Iowa journalist examines potential impact of a Wal-Mart Supercenter; it's not all bad, experts say

A Wal-Mart Supercenter changes a community, and Carroll, Iowa, surely will not be the same after one opens there tomorrow. Economic experts, however, say life can go on for local businesses who face tougher competition with the retailing giant, reports Douglas Burns of the Iowa Independent. Burns' report takes a common event — the opening of a Wal-Mart in rural America — and investigates just what it may mean for the local economy, beyond the usual dire forecasts for local, small businesses. (Encarta map)

Iowa State University professor Kenneth Stone, who has researched the impact of large retail stores, said the Supercenter will hurt local stores, but they are strong enough to handle the competition. "Stone said that retail trade centers such as Carroll generally have Supercenters. Without one, the business community loses traffic to nearby Supercenter communities like Atlantic and Fort Dodge," Burns writes. Carroll has 10,000 people, the county 21,000. Carroll's old Wal-Mart is in an unusual location, downtown. The new one isn't.

Jack Schultz, author of Boomtown USA, writes on his blog of the same name that the Supercenter could generate more business in Carroll. "There is a life with Wal-Mart ... I see it over and over as I travel around the country," he writes. "Generally, small towns appreciate their Wal-Marts and the most complaints are from towns that don't have one or that didn't allow one to build in their town years ago and today regret having let the big fish swim to a neighboring town."

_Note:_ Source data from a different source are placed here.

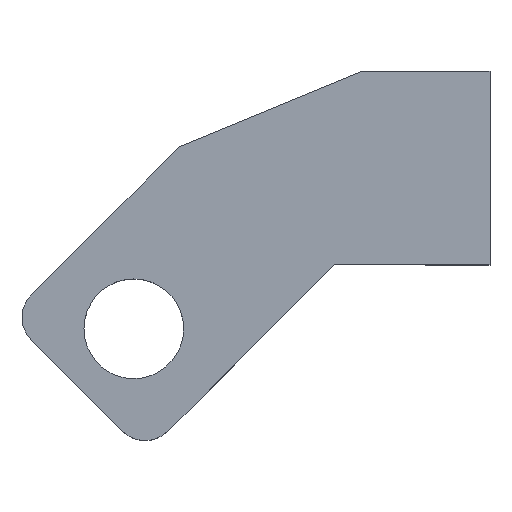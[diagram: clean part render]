
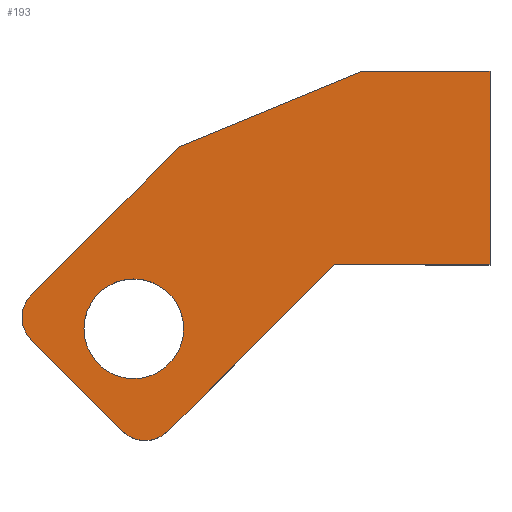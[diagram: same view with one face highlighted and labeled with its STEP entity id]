
A CAD part, top view. The second image highlights one B-rep face of the part: STEP entity #193.
In plain terms, the highlighted planar face has unit normal (0, 0, 1).
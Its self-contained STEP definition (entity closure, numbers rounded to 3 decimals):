
#7 = DIRECTION ( 'NONE',  ( 0., 0., -1. ) ) ;
#15 = CARTESIAN_POINT ( 'NONE',  ( -55.852, 39.463, 2. ) ) ;
#16 = ORIENTED_EDGE ( 'NONE', *, *, #235, .F. ) ;
#56 = EDGE_LOOP ( 'NONE', ( #16, #141, #85, #148, #201, #259, #154, #155, #350, #198 ) ) ;
#59 = VERTEX_POINT ( 'NONE', #760 ) ;
#63 = ORIENTED_EDGE ( 'NONE', *, *, #484, .T. ) ;
#72 = ORIENTED_EDGE ( 'NONE', *, *, #571, .T. ) ;
#75 = VERTEX_POINT ( 'NONE', #306 ) ;
#85 = ORIENTED_EDGE ( 'NONE', *, *, #592, .F. ) ;
#106 = VERTEX_POINT ( 'NONE', #173 ) ;
#114 = VERTEX_POINT ( 'NONE', #182 ) ;
#129 = VERTEX_POINT ( 'NONE', #369 ) ;
#141 = ORIENTED_EDGE ( 'NONE', *, *, #196, .T. ) ;
#143 = LINE ( 'NONE', #352, #482 ) ;
#148 = ORIENTED_EDGE ( 'NONE', *, *, #236, .T. ) ;
#153 = VERTEX_POINT ( 'NONE', #172 ) ;
#154 = ORIENTED_EDGE ( 'NONE', *, *, #454, .T. ) ;
#155 = ORIENTED_EDGE ( 'NONE', *, *, #244, .T. ) ;
#158 = DIRECTION ( 'NONE',  ( -1., 0., 0. ) ) ;
#172 = CARTESIAN_POINT ( 'NONE',  ( -56.559, 38.756, 2. ) ) ;
#173 = CARTESIAN_POINT ( 'NONE',  ( -59.388, 42.998, 2. ) ) ;
#182 = CARTESIAN_POINT ( 'NONE',  ( -45.135, 49.938, 2. ) ) ;
#185 = VERTEX_POINT ( 'NONE', #455 ) ;
#193 = ADVANCED_FACE ( 'NONE', ( #712, #766 ), #391, .T. ) ;
#196 = EDGE_CURVE ( 'NONE', #212, #153, #499, .T. ) ;
#198 = ORIENTED_EDGE ( 'NONE', *, *, #521, .F. ) ;
#201 = ORIENTED_EDGE ( 'NONE', *, *, #557, .T. ) ;
#205 = VERTEX_POINT ( 'NONE', #394 ) ;
#208 = VERTEX_POINT ( 'NONE', #406 ) ;
#212 = VERTEX_POINT ( 'NONE', #398 ) ;
#223 = AXIS2_PLACEMENT_3D ( 'NONE', #15, #7, #158 ) ;
#235 = EDGE_CURVE ( 'NONE', #212, #129, #386, .T. ) ;
#236 = EDGE_CURVE ( 'NONE', #185, #205, #344, .T. ) ;
#243 = AXIS2_PLACEMENT_3D ( 'NONE', #798, #343, #780 ) ;
#244 = EDGE_CURVE ( 'NONE', #59, #614, #773, .T. ) ;
#245 = CARTESIAN_POINT ( 'NONE',  ( 0., 43.938, 2. ) ) ;
#246 = DIRECTION ( 'NONE',  ( -1., 0., 0. ) ) ;
#247 = DIRECTION ( 'NONE',  ( 0., 0., -1. ) ) ;
#248 = CARTESIAN_POINT ( 'NONE',  ( -56.206, 41.938, 2. ) ) ;
#249 = VERTEX_POINT ( 'NONE', #463 ) ;
#259 = ORIENTED_EDGE ( 'NONE', *, *, #466, .T. ) ;
#263 = VECTOR ( 'NONE', #330, 1000. ) ;
#265 = AXIS2_PLACEMENT_3D ( 'NONE', #297, #291, #294 ) ;
#291 = DIRECTION ( 'NONE',  ( 0., 0., -1. ) ) ;
#293 = CARTESIAN_POINT ( 'NONE',  ( -54.792, 47.594, 2. ) ) ;
#294 = DIRECTION ( 'NONE',  ( -1., 0., 0. ) ) ;
#297 = CARTESIAN_POINT ( 'NONE',  ( -56.206, 41.938, 2. ) ) ;
#306 = CARTESIAN_POINT ( 'NONE',  ( -57.756, 41.938, 2. ) ) ;
#325 = CARTESIAN_POINT ( 'NONE',  ( 0., 0., 2. ) ) ;
#327 = VECTOR ( 'NONE', #353, 1000. ) ;
#330 = DIRECTION ( 'NONE',  ( 0.707, -0.707, 0. ) ) ;
#333 = CARTESIAN_POINT ( 'NONE',  ( -59.388, 41.584, 2. ) ) ;
#334 = DIRECTION ( 'NONE',  ( 1., 0., 0. ) ) ;
#335 = DIRECTION ( 'NONE',  ( 0., 0., 1. ) ) ;
#343 = DIRECTION ( 'NONE',  ( 0., 0., -1. ) ) ;
#344 = LINE ( 'NONE', #581, #378 ) ;
#348 = DIRECTION ( 'NONE',  ( -0.707, -0.707, 0. ) ) ;
#350 = ORIENTED_EDGE ( 'NONE', *, *, #503, .T. ) ;
#352 = CARTESIAN_POINT ( 'NONE',  ( 0., 49.938, 2. ) ) ;
#353 = DIRECTION ( 'NONE',  ( -0.924, -0.383, 0. ) ) ;
#369 = CARTESIAN_POINT ( 'NONE',  ( -59.681, 42.291, 2. ) ) ;
#377 = DIRECTION ( 'NONE',  ( -1., 0., 0. ) ) ;
#378 = VECTOR ( 'NONE', #556, 1000. ) ;
#386 = CIRCLE ( 'NONE', #535, 1. ) ;
#391 = PLANE ( 'NONE',  #510 ) ;
#394 = CARTESIAN_POINT ( 'NONE',  ( -49.963, 43.938, 2. ) ) ;
#398 = CARTESIAN_POINT ( 'NONE',  ( -59.388, 41.584, 2. ) ) ;
#404 = DIRECTION ( 'NONE',  ( -1., 0., 0. ) ) ;
#406 = CARTESIAN_POINT ( 'NONE',  ( -45.135, 43.938, 2. ) ) ;
#411 = CARTESIAN_POINT ( 'NONE',  ( -45.135, 0., 2. ) ) ;
#420 = AXIS2_PLACEMENT_3D ( 'NONE', #248, #247, #246 ) ;
#424 = DIRECTION ( 'NONE',  ( 0., 0., -1. ) ) ;
#454 = EDGE_CURVE ( 'NONE', #114, #59, #143, .T. ) ;
#455 = CARTESIAN_POINT ( 'NONE',  ( -55.145, 38.756, 2. ) ) ;
#463 = CARTESIAN_POINT ( 'NONE',  ( -54.656, 41.938, 2. ) ) ;
#466 = EDGE_CURVE ( 'NONE', #208, #114, #559, .T. ) ;
#474 = DIRECTION ( 'NONE',  ( 0., 1., 0. ) ) ;
#482 = VECTOR ( 'NONE', #377, 1000. ) ;
#484 = EDGE_CURVE ( 'NONE', #75, #249, #657, .T. ) ;
#499 = LINE ( 'NONE', #333, #263 ) ;
#503 = EDGE_CURVE ( 'NONE', #614, #106, #662, .T. ) ;
#509 = CARTESIAN_POINT ( 'NONE',  ( -49.135, 49.938, 2. ) ) ;
#510 = AXIS2_PLACEMENT_3D ( 'NONE', #325, #335, #334 ) ;
#521 = EDGE_CURVE ( 'NONE', #129, #106, #667, .T. ) ;
#535 = AXIS2_PLACEMENT_3D ( 'NONE', #547, #424, #404 ) ;
#547 = CARTESIAN_POINT ( 'NONE',  ( -58.681, 42.291, 2. ) ) ;
#556 = DIRECTION ( 'NONE',  ( 0.707, 0.707, 0. ) ) ;
#557 = EDGE_CURVE ( 'NONE', #205, #208, #729, .T. ) ;
#559 = LINE ( 'NONE', #411, #718 ) ;
#571 = EDGE_CURVE ( 'NONE', #249, #75, #645, .T. ) ;
#581 = CARTESIAN_POINT ( 'NONE',  ( -55.145, 38.756, 2. ) ) ;
#591 = DIRECTION ( 'NONE',  ( 1., 0., 0. ) ) ;
#592 = EDGE_CURVE ( 'NONE', #185, #153, #685, .T. ) ;
#614 = VERTEX_POINT ( 'NONE', #748 ) ;
#645 = CIRCLE ( 'NONE', #420, 1.55 ) ;
#657 = CIRCLE ( 'NONE', #265, 1.55 ) ;
#662 = LINE ( 'NONE', #293, #665 ) ;
#665 = VECTOR ( 'NONE', #348, 1000. ) ;
#667 = CIRCLE ( 'NONE', #243, 1. ) ;
#685 = CIRCLE ( 'NONE', #223, 1. ) ;
#712 = FACE_BOUND ( 'NONE', #782, .T. ) ;
#718 = VECTOR ( 'NONE', #474, 1000. ) ;
#729 = LINE ( 'NONE', #245, #737 ) ;
#737 = VECTOR ( 'NONE', #591, 1000. ) ;
#748 = CARTESIAN_POINT ( 'NONE',  ( -54.792, 47.594, 2. ) ) ;
#760 = CARTESIAN_POINT ( 'NONE',  ( -49.135, 49.938, 2. ) ) ;
#766 = FACE_OUTER_BOUND ( 'NONE', #56, .T. ) ;
#773 = LINE ( 'NONE', #509, #327 ) ;
#780 = DIRECTION ( 'NONE',  ( -1., 0., 0. ) ) ;
#782 = EDGE_LOOP ( 'NONE', ( #63, #72 ) ) ;
#798 = CARTESIAN_POINT ( 'NONE',  ( -58.681, 42.291, 2. ) ) ;

Stone said the competition brought by Wal-Mart can be good for local business. "Wal-Mart's really made a lot of merchants a lot better than they had previously been just simply because they upped the competition to the point where you have to get better or you don't make it." He added, "Anybody that's selling something different from what Wal-Mart's selling is subject to benefit from the additional traffic that Wal-Mart will draw." (Read more)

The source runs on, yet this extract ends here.